→ **EXERCISE OBJECTIVE**:
Take the whole listing and reproduce it exactly, pictures excepted.
=-=-=
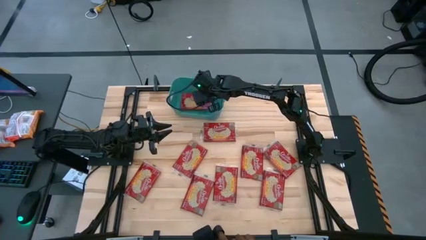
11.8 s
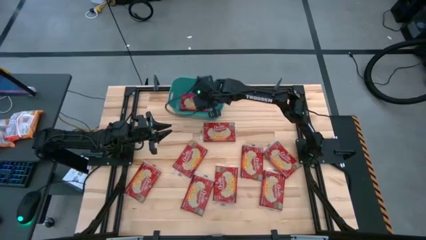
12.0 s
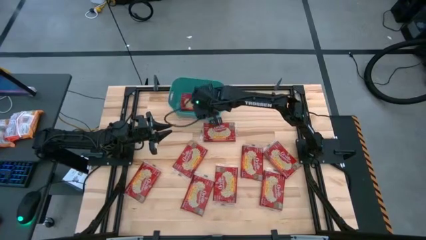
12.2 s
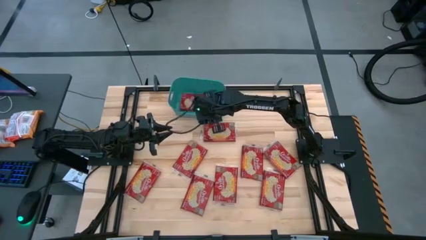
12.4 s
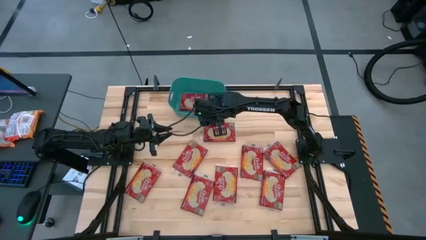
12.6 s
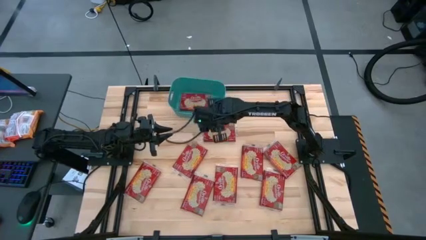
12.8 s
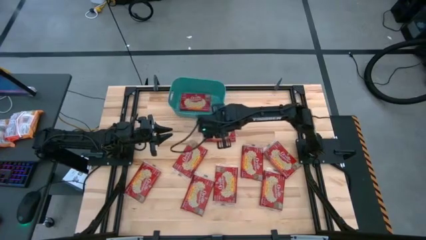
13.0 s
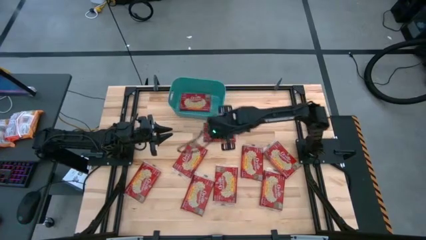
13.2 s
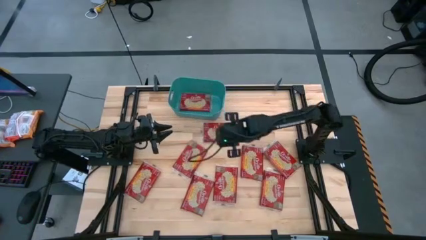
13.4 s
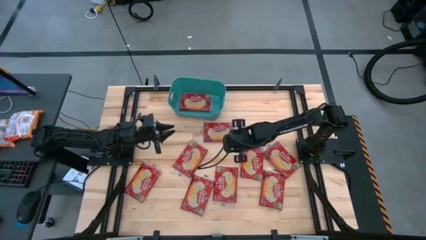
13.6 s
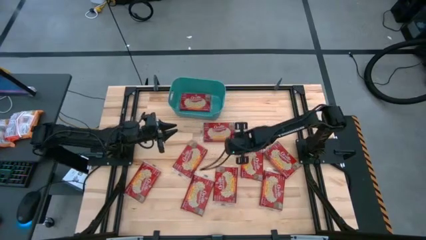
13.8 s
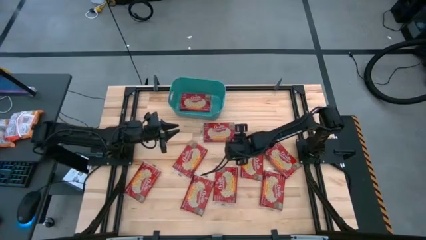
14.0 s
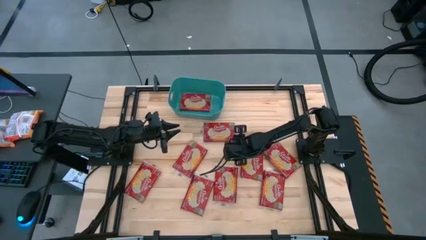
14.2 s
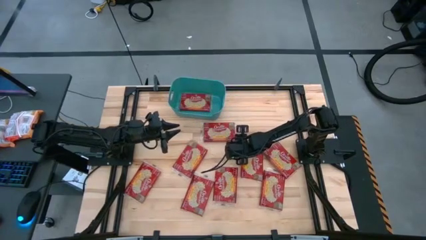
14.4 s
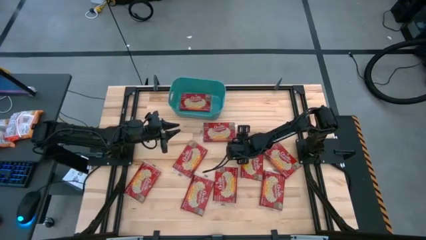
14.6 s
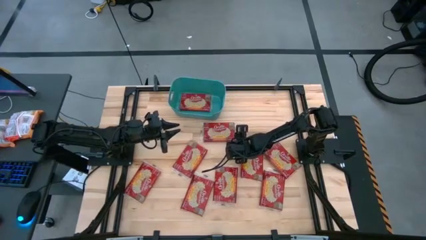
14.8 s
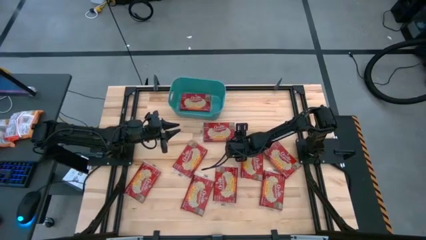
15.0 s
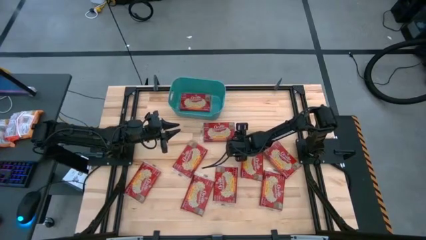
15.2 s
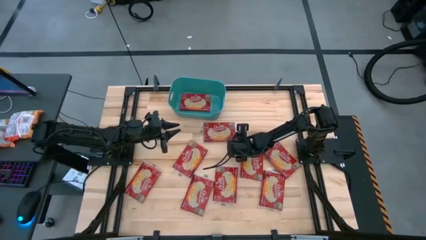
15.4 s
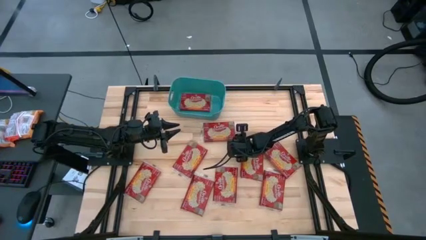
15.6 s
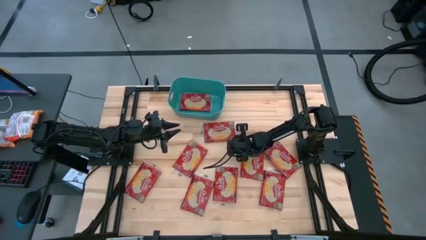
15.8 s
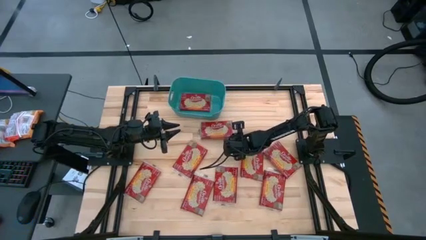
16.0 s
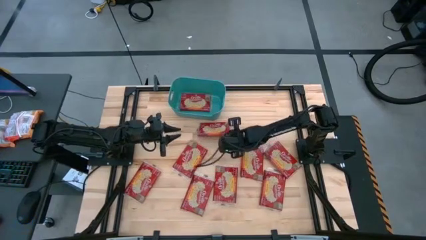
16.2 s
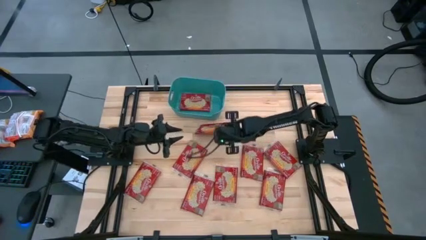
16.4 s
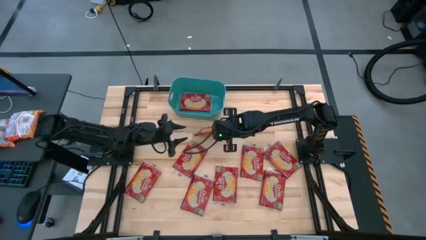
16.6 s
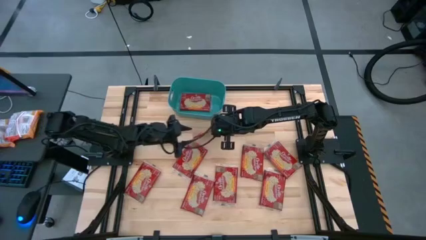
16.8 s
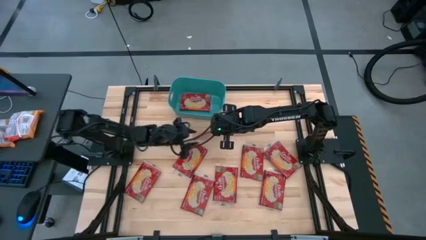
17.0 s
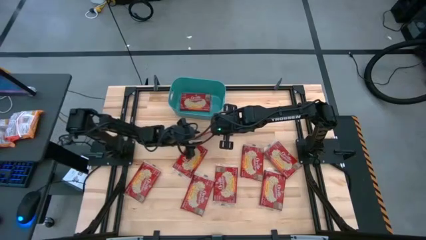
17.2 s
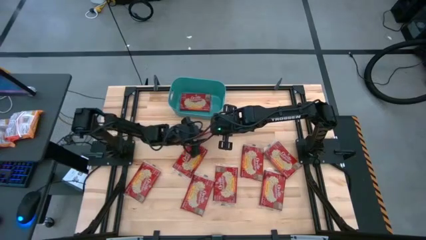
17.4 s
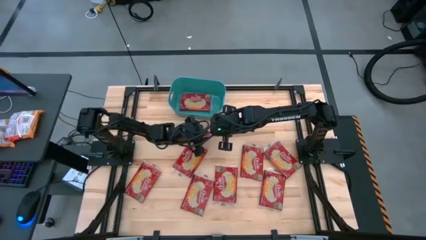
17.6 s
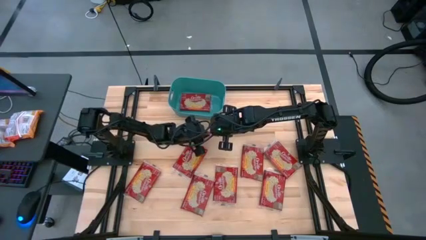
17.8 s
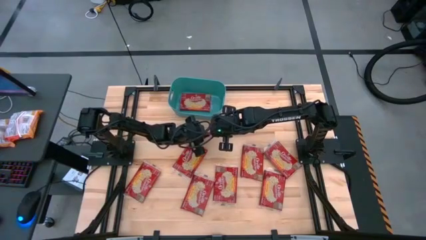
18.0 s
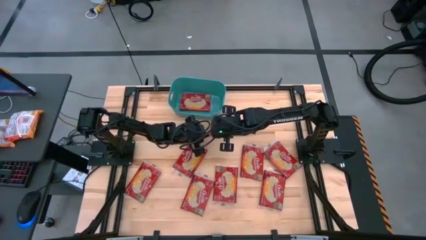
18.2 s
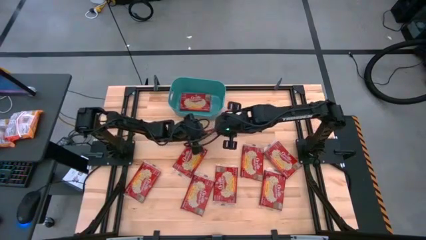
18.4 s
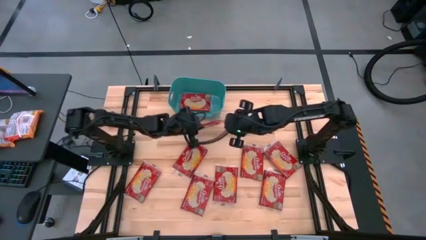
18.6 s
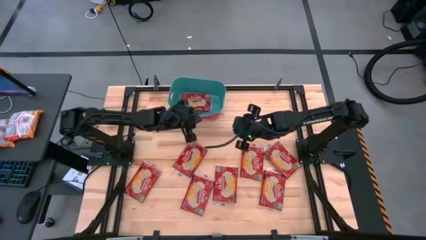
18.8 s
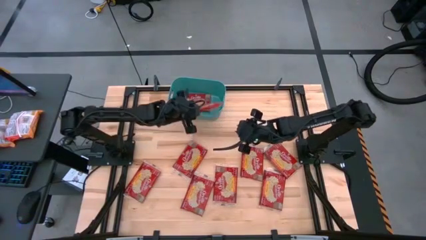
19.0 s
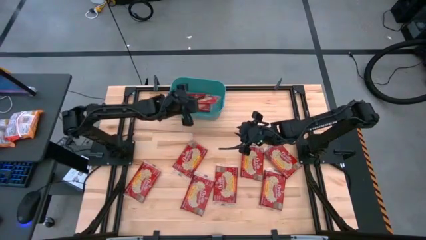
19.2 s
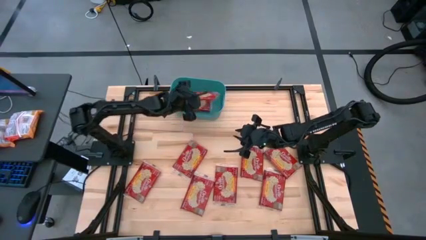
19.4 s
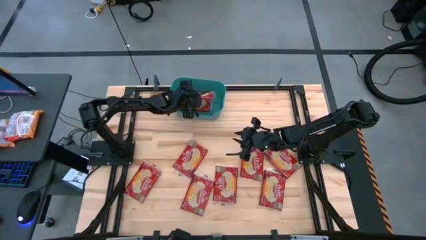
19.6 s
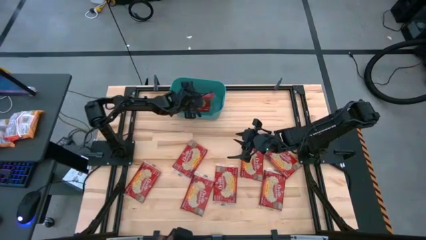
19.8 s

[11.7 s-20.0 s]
Task: Sort popcorn bags into baskets
Put the red popcorn bag into the green bin
=-=-=
→ **EXERCISE SOLUTION**:
11.8 s
12.0 s
12.2 s
12.4 s
12.6 s
12.8 s
13.0 s
13.2 s
13.4 s
13.6 s
13.8 s
14.0 s
14.2 s
14.4 s
14.6 s
14.8 s
15.0 s
15.2 s
15.4 s
15.6 s
15.8 s
16.0 s
16.2 s
16.4 s
16.6 s
16.8 s
17.0 s
17.2 s
17.4 s
17.6 s
17.8 s
18.0 s
18.2 s
18.4 s
18.6 s
18.8 s
19.0 s
19.2 s
19.4 s
19.6 s
19.8 s

[11.7 s-20.0 s]
Task: Sort popcorn bags into baskets
Put the red popcorn bag into the green bin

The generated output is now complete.